Я стал красным как рак. А впрочем — пусть!

— Ладно, — заявил я. — Скажу. Все равно рано или поздно ты узнаешь. Мне это известно потому, что я сам был влюблен в Карен задолго до того, как она встретила Эрика, и она ни разу даже не… Я хочу сказать, мы… я… Словом, я знаю ее лучше, чем многие другие…

— Жена Цезаря, — заметил Кристиан.

Ох, как мне хотелось вздуть моего брата Кристиана!

— Знаю я вас, врачей, — сказал я. — Для вас вообще нет ничего святого. Тебе и в голову не приходит, что есть на свете женщины, которые живут в соответствии с добрыми старомодными идеалами и правилами игры.

— Женская добродетель зависит лишь от того, насколько велико искушение, которому ее подвергли, — сказал Кристиан.

— Иди ты к… — начал было я, но осекся. Мне вдруг пришло в голову, что, может быть, Кристиану тоже известна тактика Сократа. Если правильно задать вопрос, на него непременно получишь нужный ответ.

— Извини, что мы таким образом обсуждаем твою жену, — обратился Карл Юрген к Эрику. — Но ты знаешь сам: в последний вечер перед смертью Свен сказал, что ее надо защитить. Совершено убийство, а теперь на сцене появился Пребен Рингстад.

— Понимаю, — устало сказал Эрик. — Но надеюсь, ты сам получил о моей жене какое-то представление.

— Да, — ответил Карл Юрген. — Получил.
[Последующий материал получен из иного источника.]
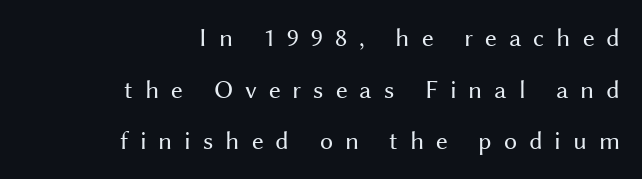
Q: Is the text bold? A: No.
Q: Is the text italic (slanted)? A: No, it is upright.
Q: Is the text underlined? A: No.
Q: How is the paragraph aligned? A: Right-aligned.
Q: Is the spacing between letters normal or unusually wide? A: Unusually wide.
Q: Is the spacing between lines tight, normal or loose? A: Loose.
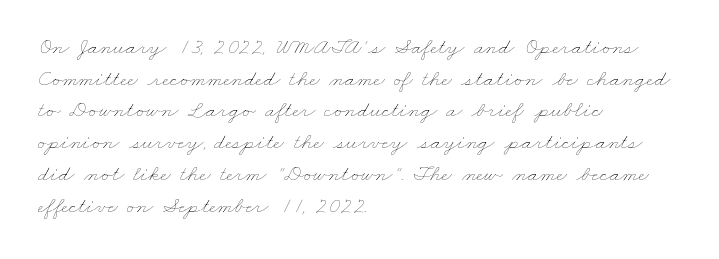
No letter is thick-stroked: the sample isn't bold. If you measured baseline to baseline, you'd find a middling distance. Check the space under the baseline: it is left empty. Where is the straight margin? On the left.
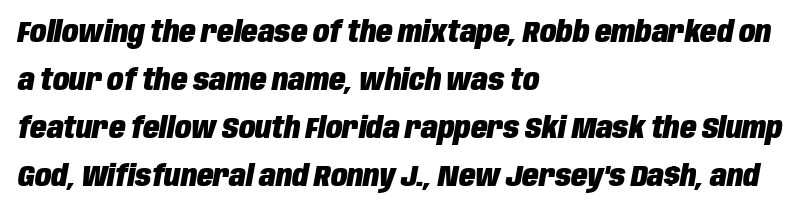
Q: Is the text bold? A: Yes.
Q: Is the text italic (slanted)? A: Yes, it leans right by about 10 degrees.
Q: Is the text underlined? A: No.
Q: How is the paragraph aligned? A: Left-aligned.
Q: Is the spacing between letters normal or unusually wide? A: Normal.
Q: Is the spacing between lines tight, normal or loose? A: Normal.
Q: Width (condensed, normal, or wide)? A: Condensed.
Q: Stroke contrast? A: Low.
Q: x-height? A: Large.
Q: Monospaced? A: No.

Но позволь задать тебе еще один вопрос. Твоя жена тратит много денег?

— Нет, — ответил Эрик. — По сравнению с моими доходами мало, даже очень мало. Каждый месяц она получает определенную сумму, но я должен сказать, что она на редкость скромна.

Я представил себе мою простую, сдержанную Карен. Ее узкие пальцы, на которых нет колец. Единственную нитку жемчуга, которую она всегда носит. Я открыл было рот, но промолчал. Сам Сократ не вытянул бы из меня больше ни слова.

— Ладно, — сказал Карл Юрген. — На сегодня хватит. — И он встал.

— Но разве… — начал я. — Я хочу сказать… Разве ты ничего не предпримешь?

— Можешь быть спокоен, мы все время что-то, как ты выражаешься, предпринимаем. Завтра одна газета напишет, что мы напали на определенный след, а другая — что вообще никаких следов не обнаружено. Но мы работаем, можешь мне поверить. Кассету я беру с собой. Спасибо, что ее раздобыл.